──────── Data to process ────────
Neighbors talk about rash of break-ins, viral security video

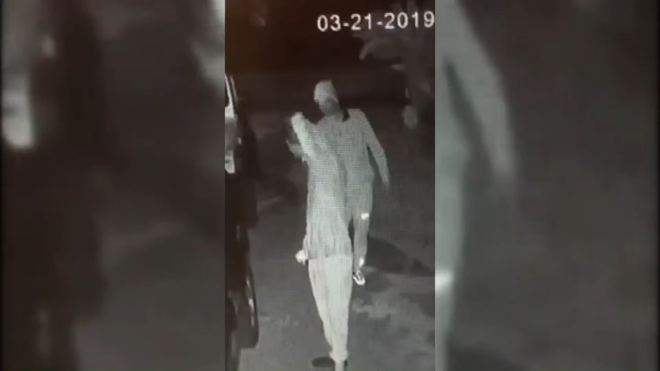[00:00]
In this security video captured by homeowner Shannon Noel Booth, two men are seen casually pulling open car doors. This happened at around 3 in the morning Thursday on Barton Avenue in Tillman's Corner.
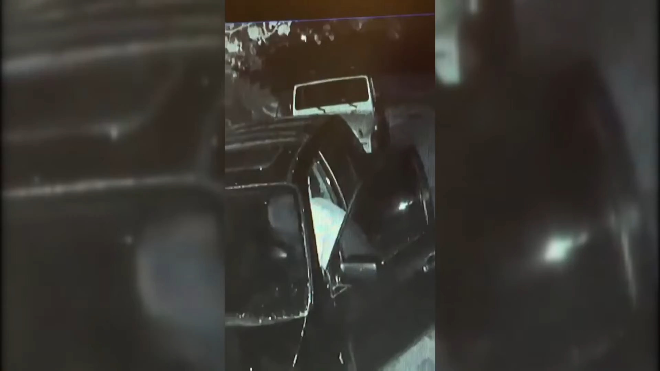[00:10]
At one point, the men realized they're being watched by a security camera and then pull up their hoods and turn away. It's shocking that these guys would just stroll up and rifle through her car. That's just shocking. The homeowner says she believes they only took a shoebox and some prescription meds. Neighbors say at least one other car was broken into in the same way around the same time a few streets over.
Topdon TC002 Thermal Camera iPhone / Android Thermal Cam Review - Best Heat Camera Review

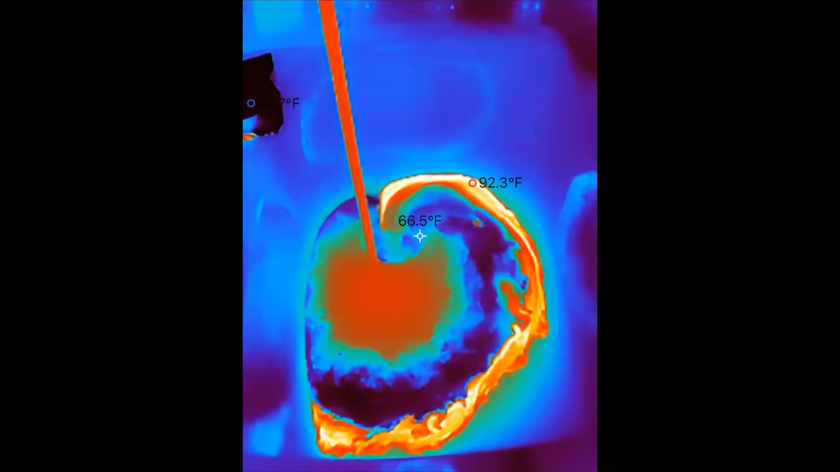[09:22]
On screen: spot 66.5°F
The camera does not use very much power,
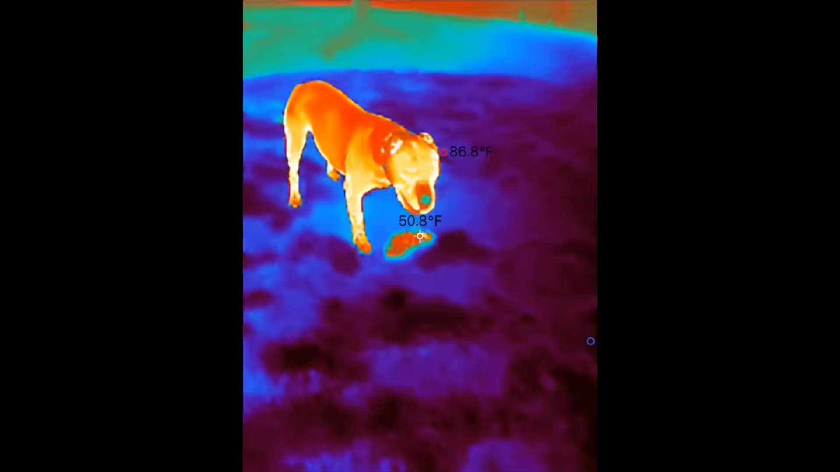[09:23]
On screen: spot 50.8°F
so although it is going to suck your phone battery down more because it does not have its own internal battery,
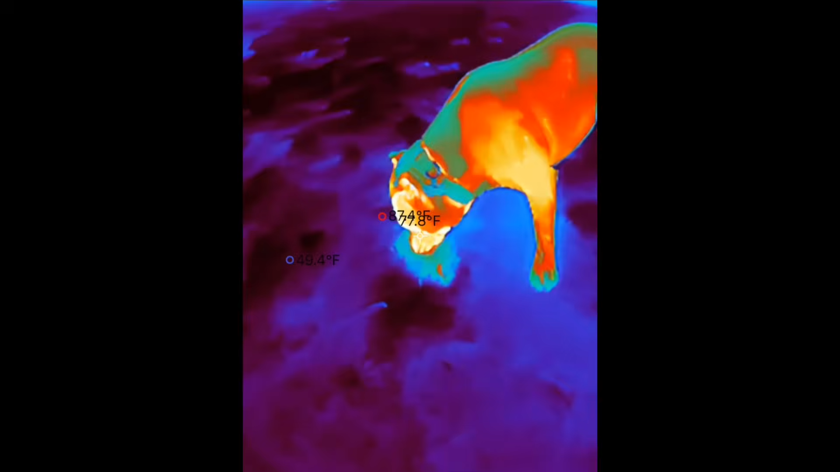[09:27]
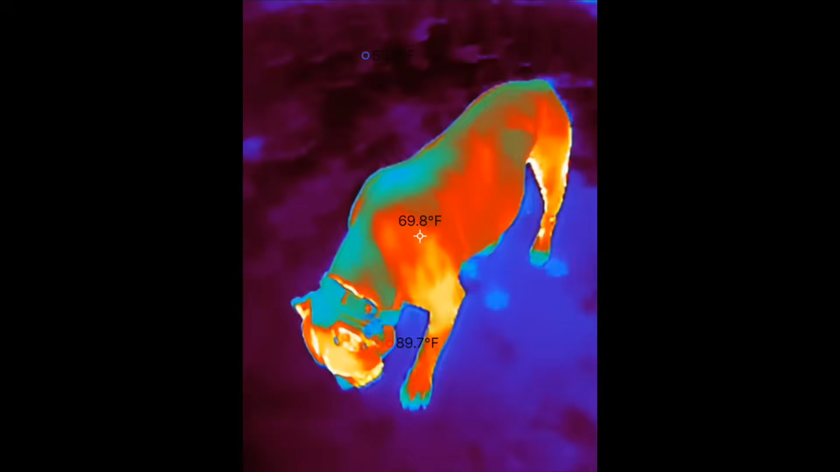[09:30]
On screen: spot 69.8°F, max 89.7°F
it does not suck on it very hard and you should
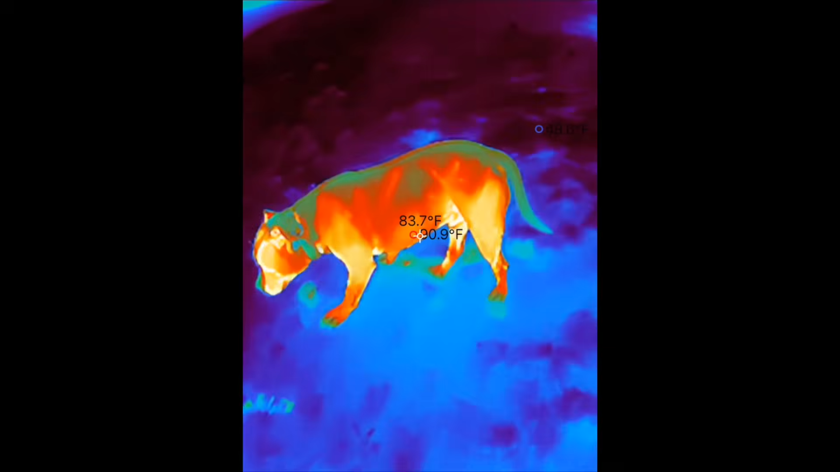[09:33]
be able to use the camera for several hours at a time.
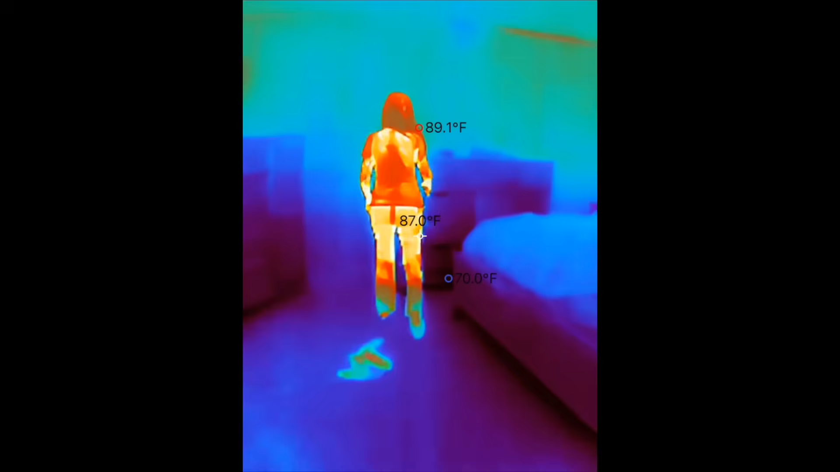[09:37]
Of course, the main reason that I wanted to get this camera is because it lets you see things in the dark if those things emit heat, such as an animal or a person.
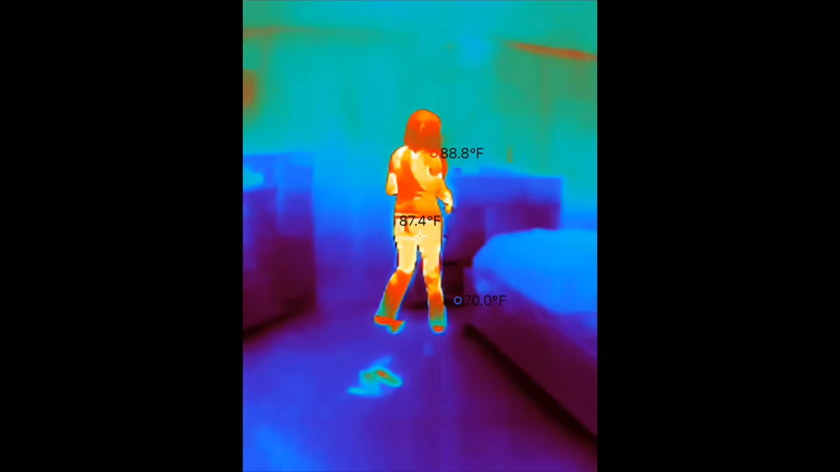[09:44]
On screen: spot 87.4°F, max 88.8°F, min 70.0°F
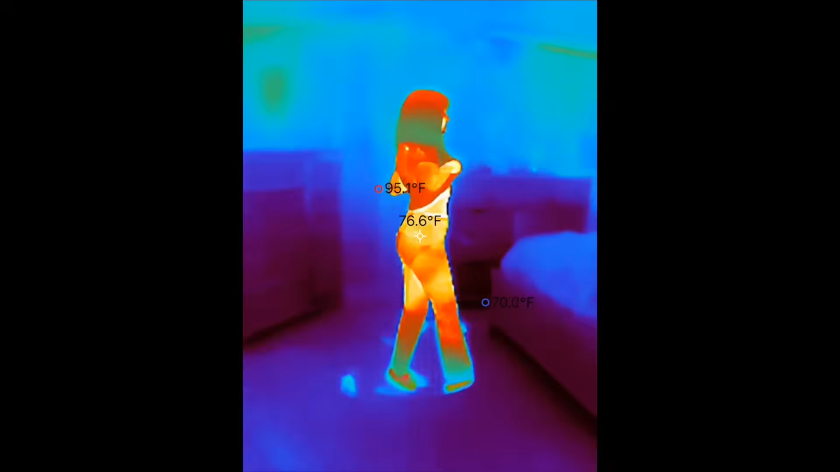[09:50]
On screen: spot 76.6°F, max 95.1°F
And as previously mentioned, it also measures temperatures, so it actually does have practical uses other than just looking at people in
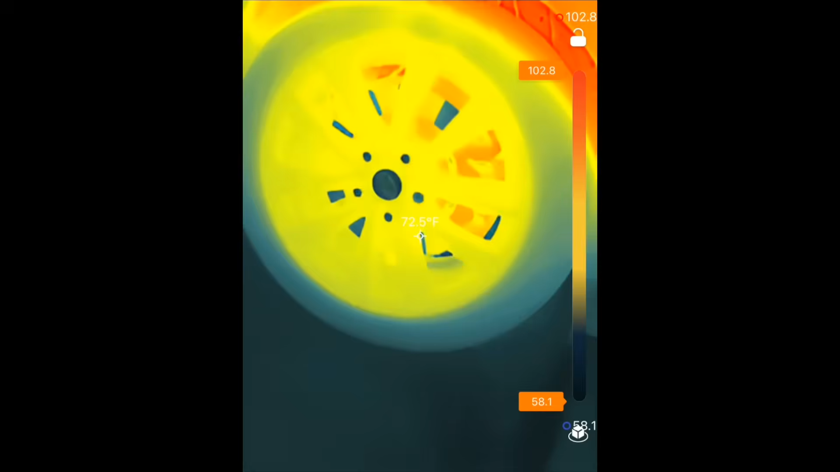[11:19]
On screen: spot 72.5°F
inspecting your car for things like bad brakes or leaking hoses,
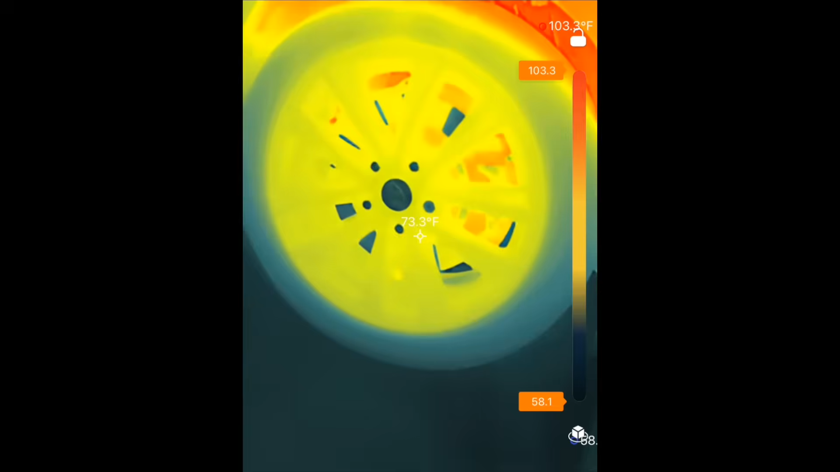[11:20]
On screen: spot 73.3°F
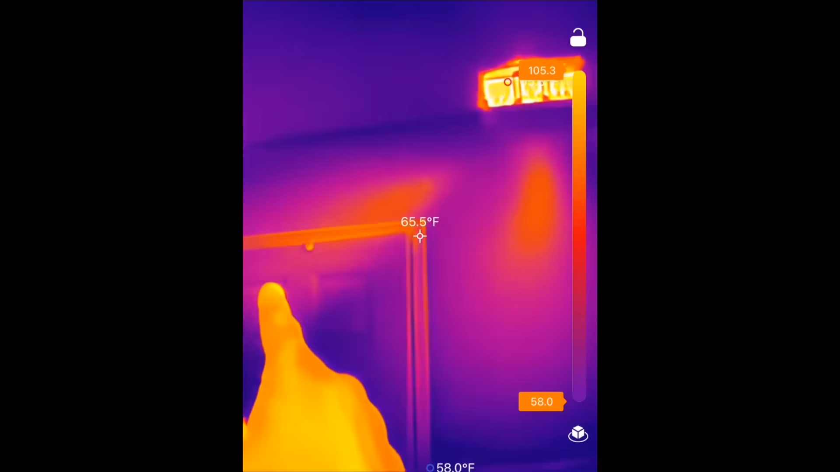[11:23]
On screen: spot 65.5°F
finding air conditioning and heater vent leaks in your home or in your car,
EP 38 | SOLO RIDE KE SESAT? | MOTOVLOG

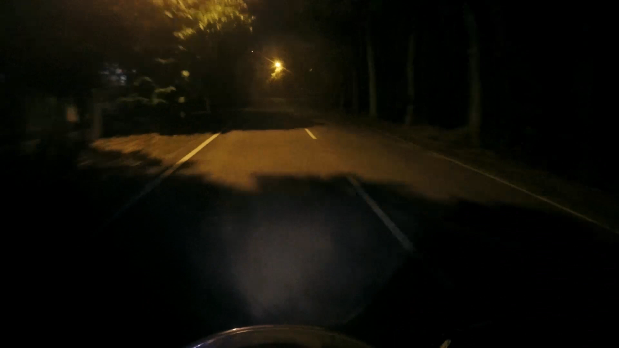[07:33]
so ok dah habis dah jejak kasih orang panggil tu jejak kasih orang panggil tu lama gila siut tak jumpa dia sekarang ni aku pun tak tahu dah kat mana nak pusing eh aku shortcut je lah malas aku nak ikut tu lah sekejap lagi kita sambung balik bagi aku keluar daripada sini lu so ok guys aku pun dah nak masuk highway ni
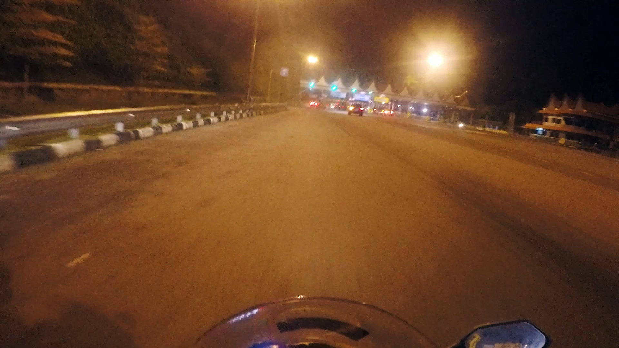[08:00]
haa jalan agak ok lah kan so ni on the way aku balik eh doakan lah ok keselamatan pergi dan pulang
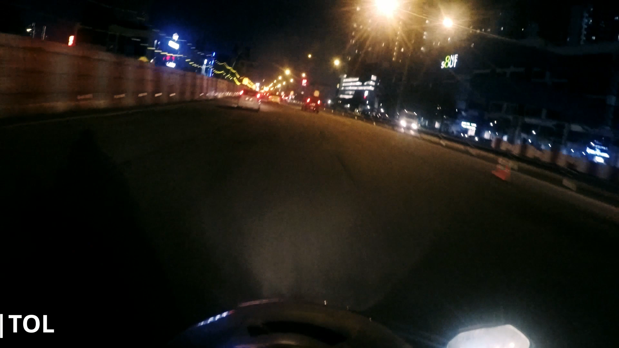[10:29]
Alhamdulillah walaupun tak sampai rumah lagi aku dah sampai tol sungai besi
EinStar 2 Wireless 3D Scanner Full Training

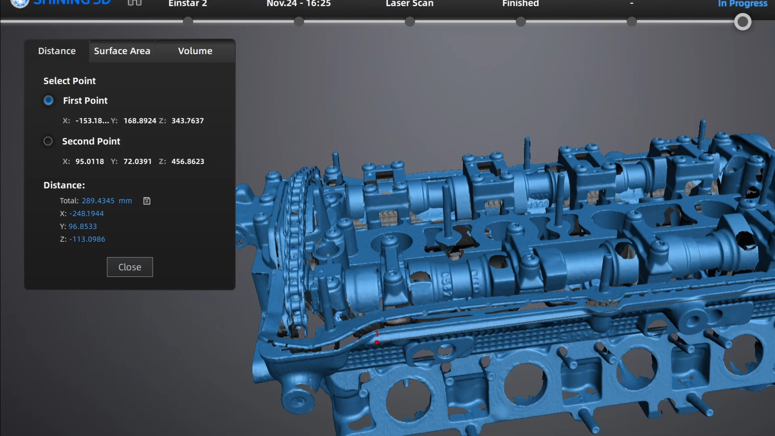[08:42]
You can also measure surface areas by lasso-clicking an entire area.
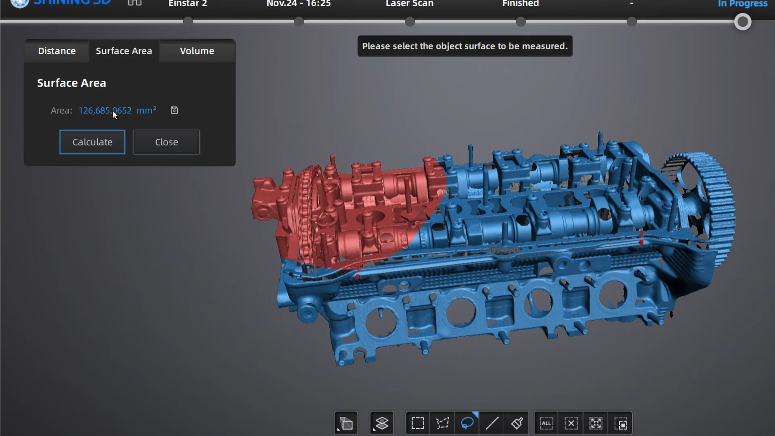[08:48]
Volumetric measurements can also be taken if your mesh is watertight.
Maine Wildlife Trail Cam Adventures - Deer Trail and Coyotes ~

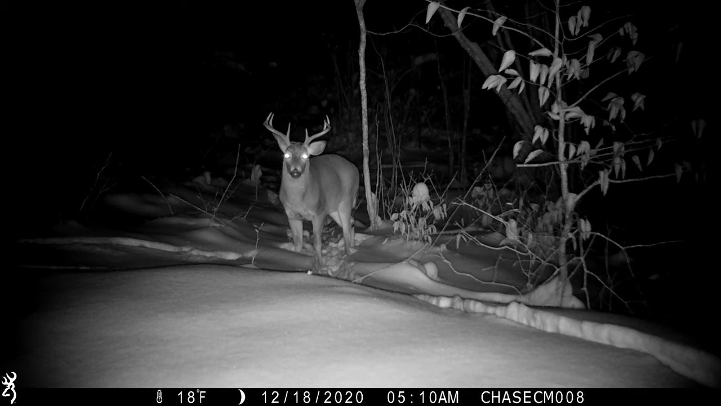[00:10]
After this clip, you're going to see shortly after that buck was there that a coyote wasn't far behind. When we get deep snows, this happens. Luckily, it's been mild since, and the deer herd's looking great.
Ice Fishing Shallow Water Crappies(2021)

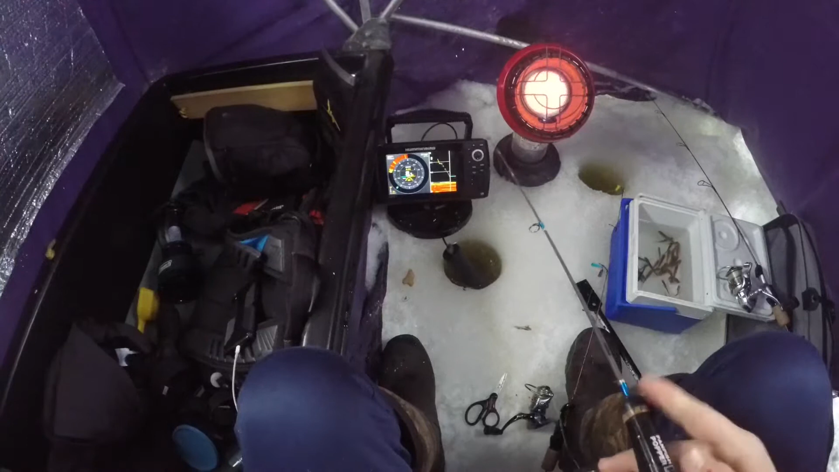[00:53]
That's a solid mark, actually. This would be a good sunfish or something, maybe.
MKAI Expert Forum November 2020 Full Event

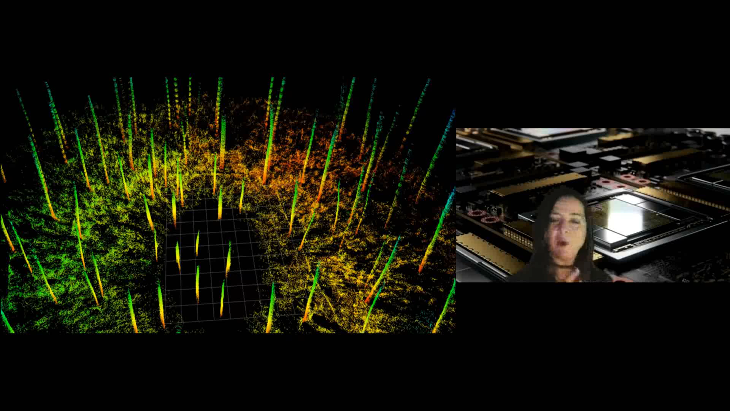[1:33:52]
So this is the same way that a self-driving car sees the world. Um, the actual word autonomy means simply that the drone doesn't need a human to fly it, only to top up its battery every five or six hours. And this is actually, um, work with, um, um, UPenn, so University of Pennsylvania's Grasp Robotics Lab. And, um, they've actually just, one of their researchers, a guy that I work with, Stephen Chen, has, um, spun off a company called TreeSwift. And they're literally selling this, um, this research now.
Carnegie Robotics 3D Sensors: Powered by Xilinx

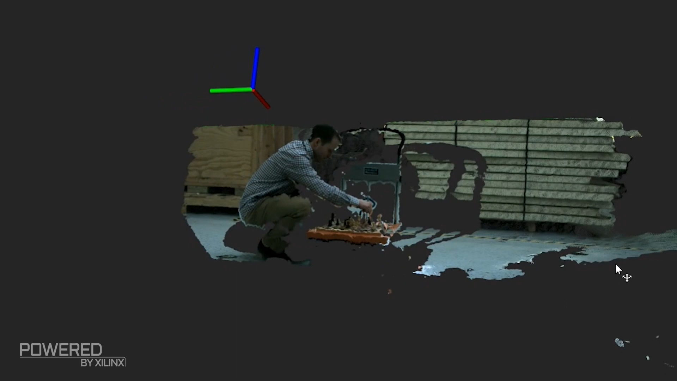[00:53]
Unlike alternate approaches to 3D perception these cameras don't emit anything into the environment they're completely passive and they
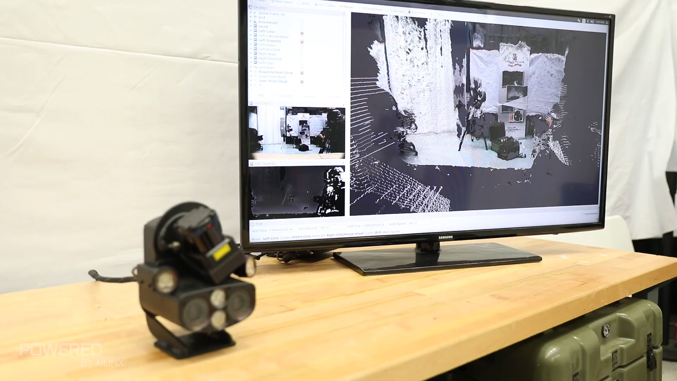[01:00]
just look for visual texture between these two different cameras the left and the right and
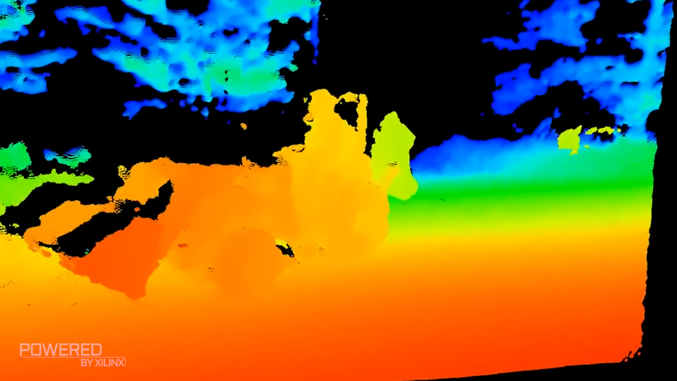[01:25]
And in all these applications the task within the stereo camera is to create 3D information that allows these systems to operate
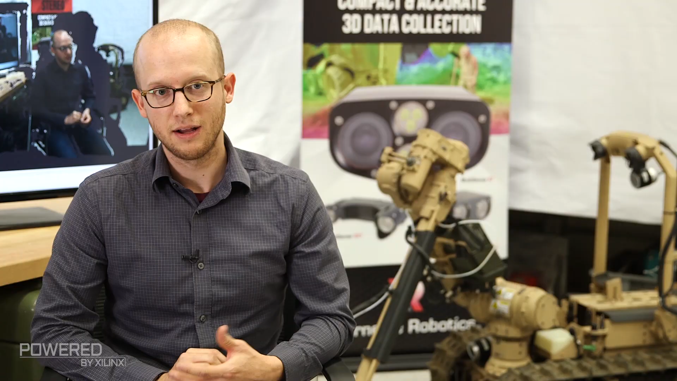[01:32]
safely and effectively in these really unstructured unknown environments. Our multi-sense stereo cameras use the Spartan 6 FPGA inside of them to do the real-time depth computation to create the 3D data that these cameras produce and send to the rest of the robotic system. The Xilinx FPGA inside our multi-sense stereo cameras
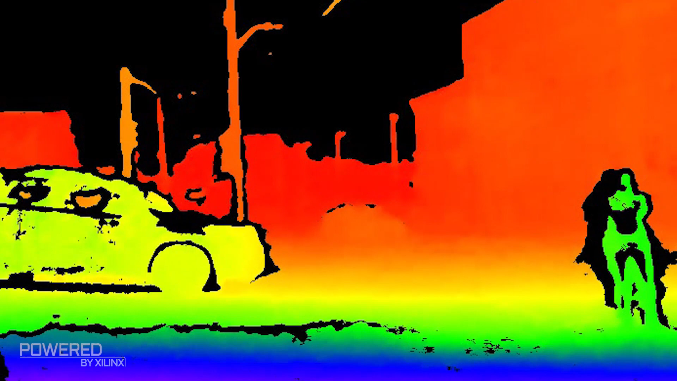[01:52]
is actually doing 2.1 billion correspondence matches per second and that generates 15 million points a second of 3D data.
────────
### Instructions for the task
Gather every line from the entries above where the word "Full" appears, and copy them.

### Answer box
EinStar 2 Wireless 3D Scanner Full Training
MKAI Expert Forum November 2020 Full Event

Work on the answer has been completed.